Provided records:
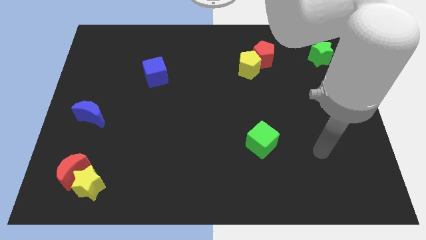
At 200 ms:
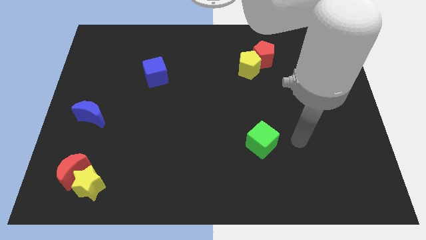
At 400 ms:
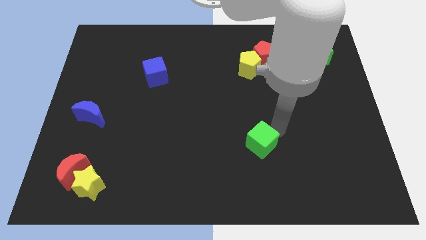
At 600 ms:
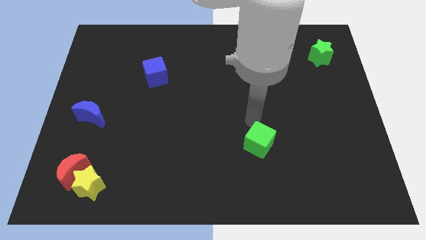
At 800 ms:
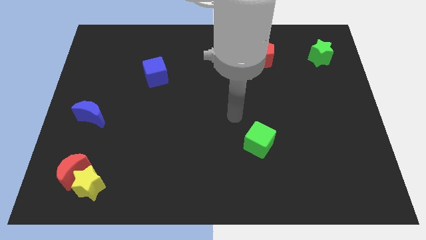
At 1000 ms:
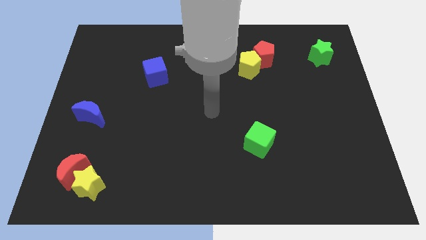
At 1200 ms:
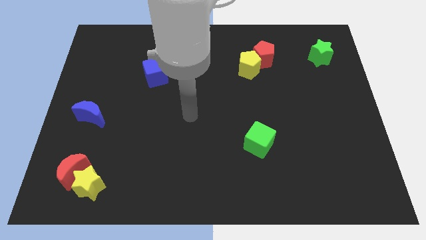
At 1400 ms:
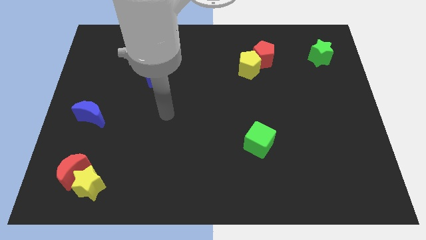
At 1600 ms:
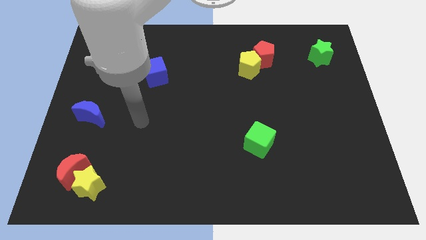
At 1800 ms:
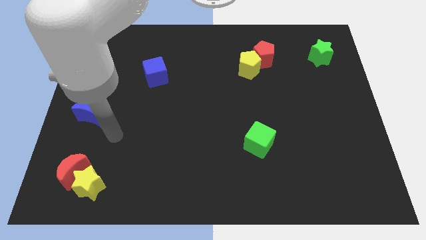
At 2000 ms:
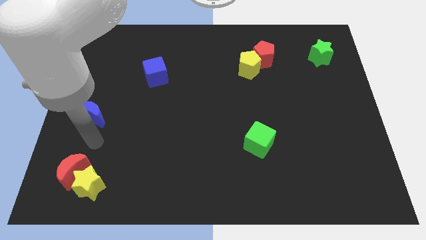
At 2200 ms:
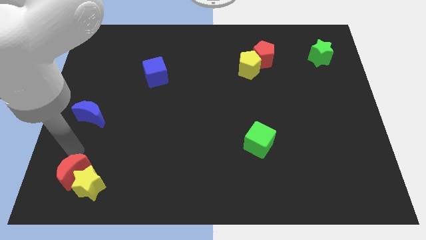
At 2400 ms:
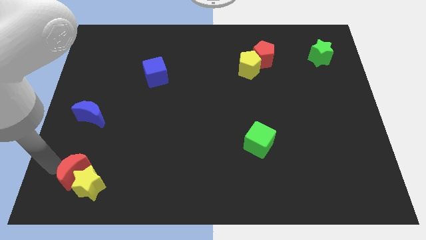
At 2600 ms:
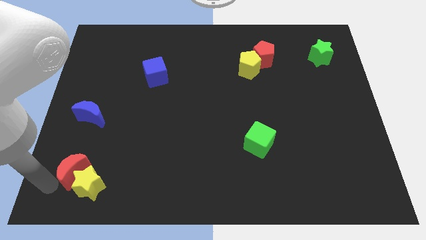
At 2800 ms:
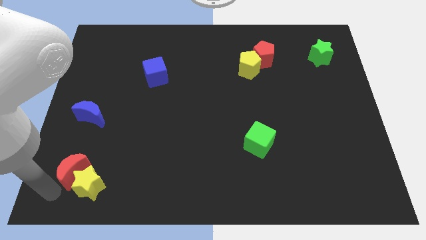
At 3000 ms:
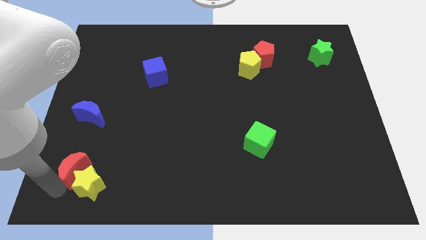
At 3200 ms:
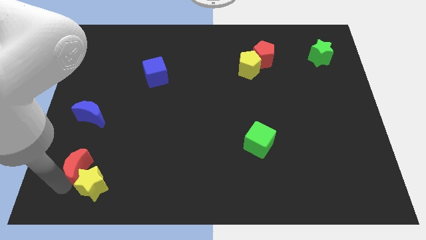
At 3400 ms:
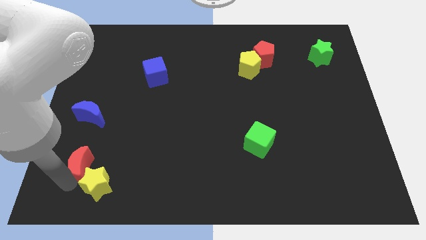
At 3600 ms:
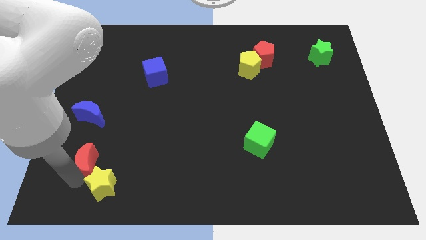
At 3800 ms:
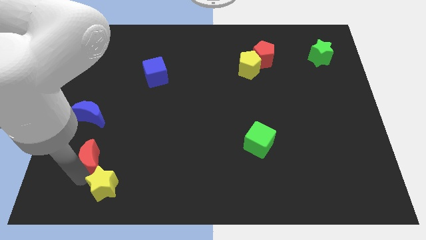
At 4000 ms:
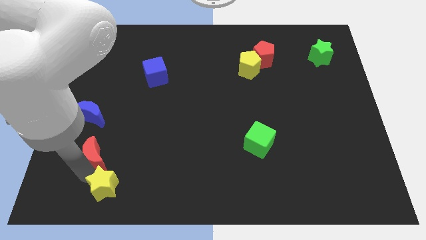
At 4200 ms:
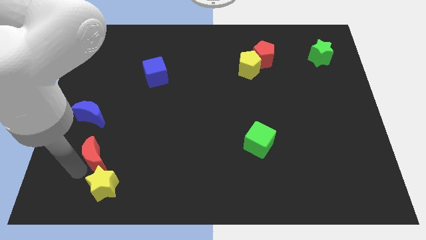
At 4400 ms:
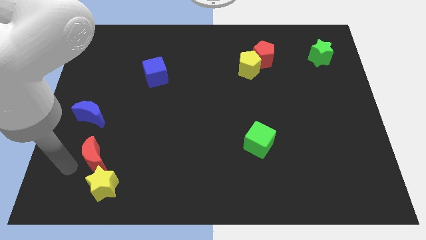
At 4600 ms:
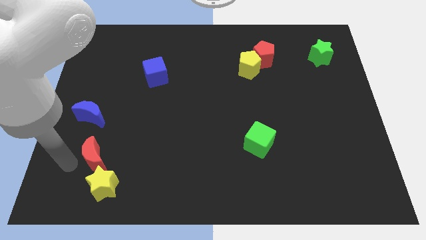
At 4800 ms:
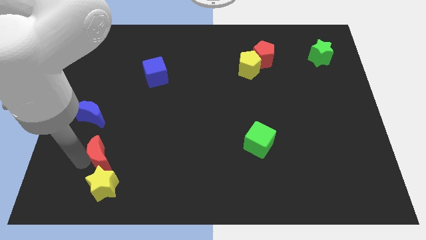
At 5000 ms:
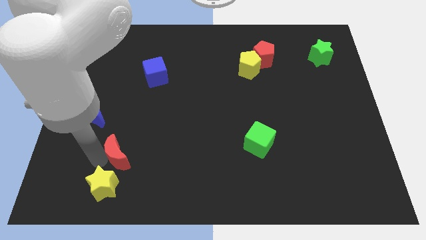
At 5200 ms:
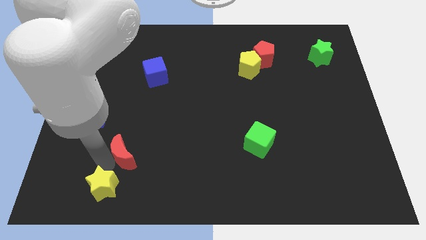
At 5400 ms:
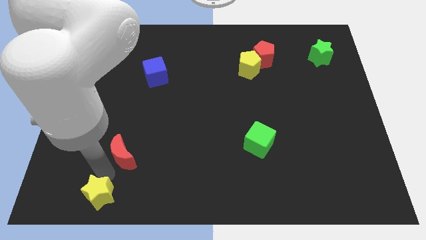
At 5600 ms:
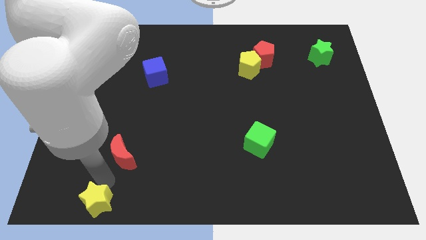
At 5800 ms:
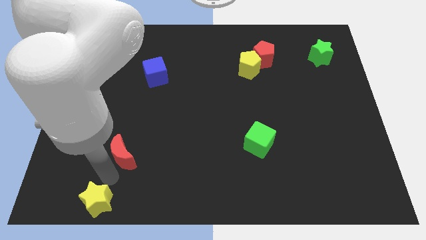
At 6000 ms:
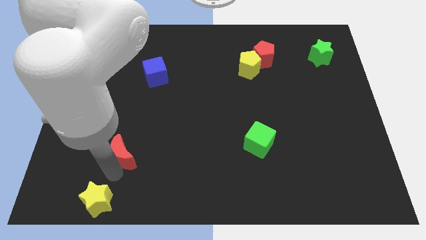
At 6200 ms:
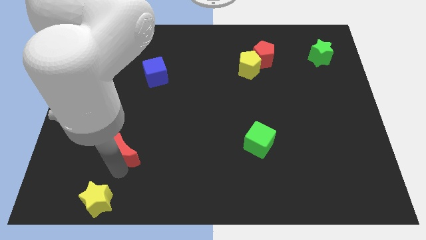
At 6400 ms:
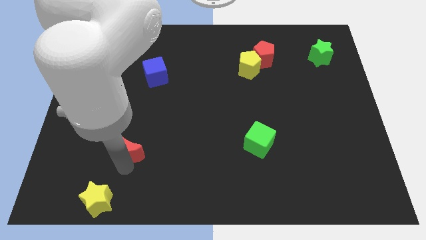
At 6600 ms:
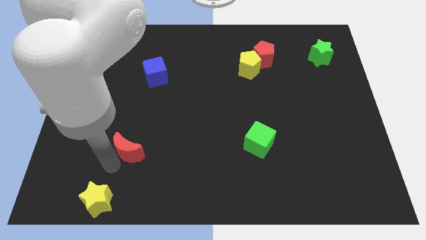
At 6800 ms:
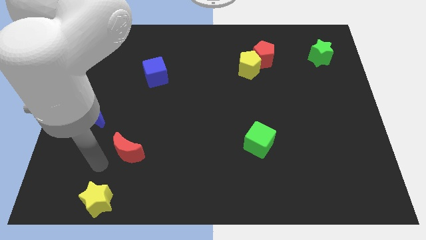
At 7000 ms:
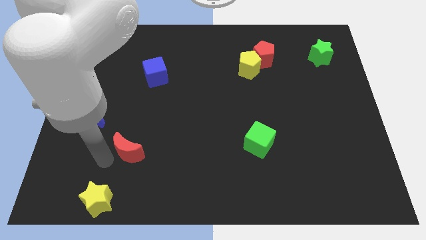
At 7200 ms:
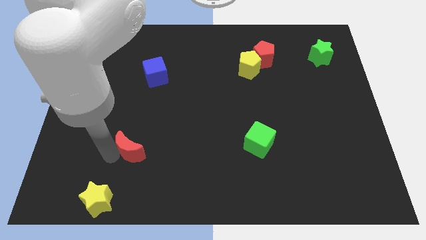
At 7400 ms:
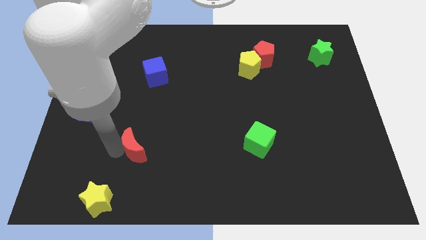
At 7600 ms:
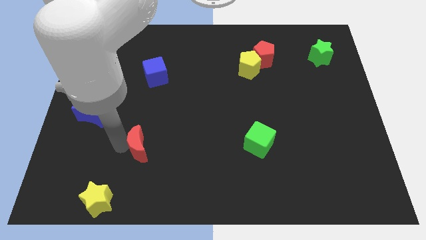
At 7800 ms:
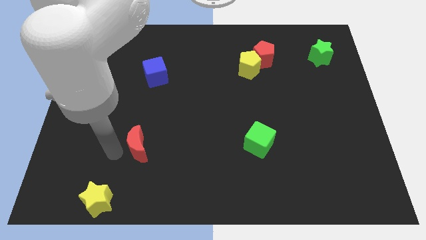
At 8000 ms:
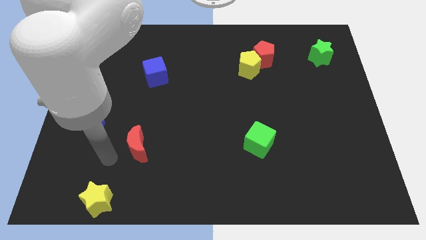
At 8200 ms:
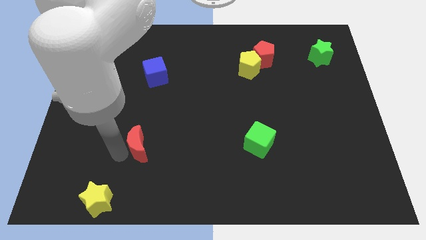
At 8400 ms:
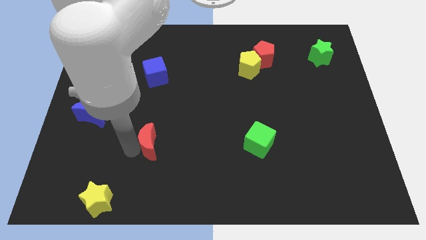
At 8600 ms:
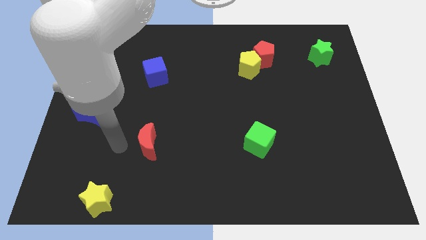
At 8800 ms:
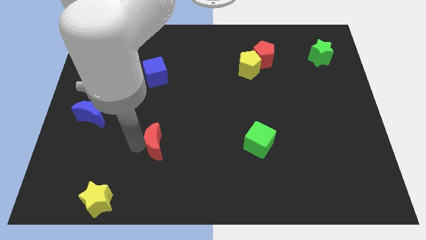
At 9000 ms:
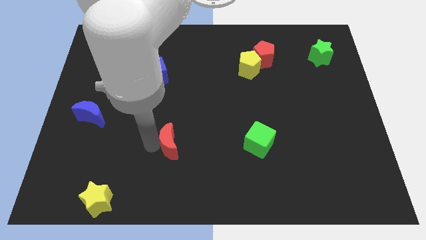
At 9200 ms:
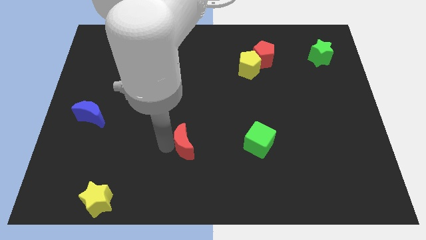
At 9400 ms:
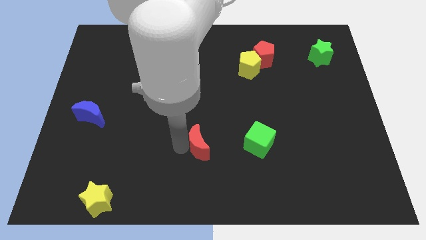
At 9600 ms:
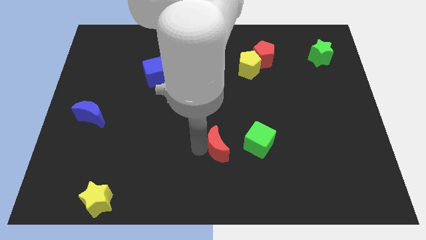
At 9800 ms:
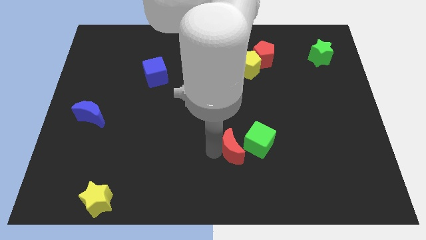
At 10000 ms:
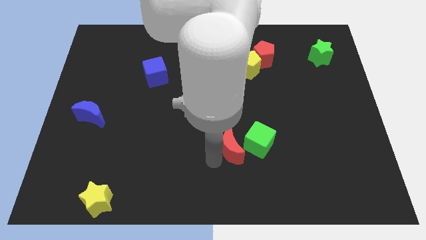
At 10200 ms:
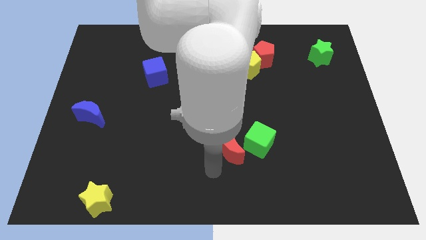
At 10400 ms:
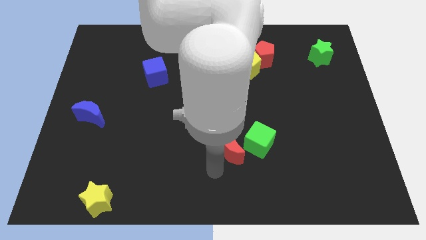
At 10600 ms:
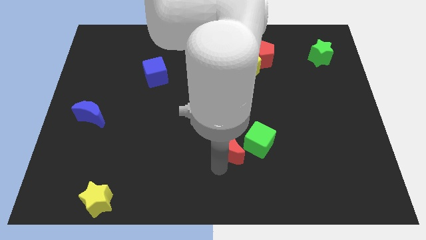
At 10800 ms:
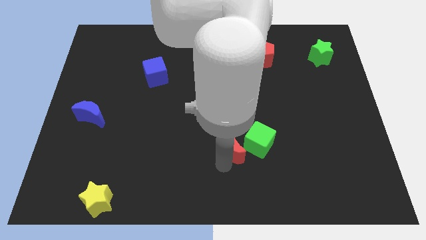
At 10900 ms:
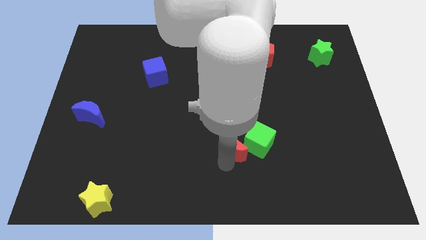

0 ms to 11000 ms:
move the red moon to the green cube

What you are asked to do:
Copy all of the data above exactly. Leave out every picture.

Finished exercise:
At 200 ms:
At 400 ms:
At 600 ms:
At 800 ms:
At 1000 ms:
At 1200 ms:
At 1400 ms:
At 1600 ms:
At 1800 ms:
At 2000 ms:
At 2200 ms:
At 2400 ms:
At 2600 ms:
At 2800 ms:
At 3000 ms:
At 3200 ms:
At 3400 ms:
At 3600 ms:
At 3800 ms:
At 4000 ms:
At 4200 ms:
At 4400 ms:
At 4600 ms:
At 4800 ms:
At 5000 ms:
At 5200 ms:
At 5400 ms:
At 5600 ms:
At 5800 ms:
At 6000 ms:
At 6200 ms:
At 6400 ms:
At 6600 ms:
At 6800 ms:
At 7000 ms:
At 7200 ms:
At 7400 ms:
At 7600 ms:
At 7800 ms:
At 8000 ms:
At 8200 ms:
At 8400 ms:
At 8600 ms:
At 8800 ms:
At 9000 ms:
At 9200 ms:
At 9400 ms:
At 9600 ms:
At 9800 ms:
At 10000 ms:
At 10200 ms:
At 10400 ms:
At 10600 ms:
At 10800 ms:
At 10900 ms:

0 ms to 11000 ms:
move the red moon to the green cube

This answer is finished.